Your answer should repeat every line of the records below in which the word "size" appears.

# Available data
===============
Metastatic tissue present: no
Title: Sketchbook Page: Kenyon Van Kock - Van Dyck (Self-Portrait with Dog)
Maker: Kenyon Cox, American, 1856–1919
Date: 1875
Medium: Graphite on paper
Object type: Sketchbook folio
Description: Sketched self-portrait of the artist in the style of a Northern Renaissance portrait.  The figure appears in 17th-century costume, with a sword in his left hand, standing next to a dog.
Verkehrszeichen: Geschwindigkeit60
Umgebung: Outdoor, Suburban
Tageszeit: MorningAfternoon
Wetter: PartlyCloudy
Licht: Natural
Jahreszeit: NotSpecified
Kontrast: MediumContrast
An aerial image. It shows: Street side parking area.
===============
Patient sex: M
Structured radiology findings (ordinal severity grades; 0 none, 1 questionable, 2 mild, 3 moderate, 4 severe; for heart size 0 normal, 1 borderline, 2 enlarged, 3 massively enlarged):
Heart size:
===============
# Expected answer
Structured radiology findings (ordinal severity grades; 0 none, 1 questionable, 2 mild, 3 moderate, 4 severe; for heart size 0 normal, 1 borderline, 2 enlarged, 3 massively enlarged):
Heart size:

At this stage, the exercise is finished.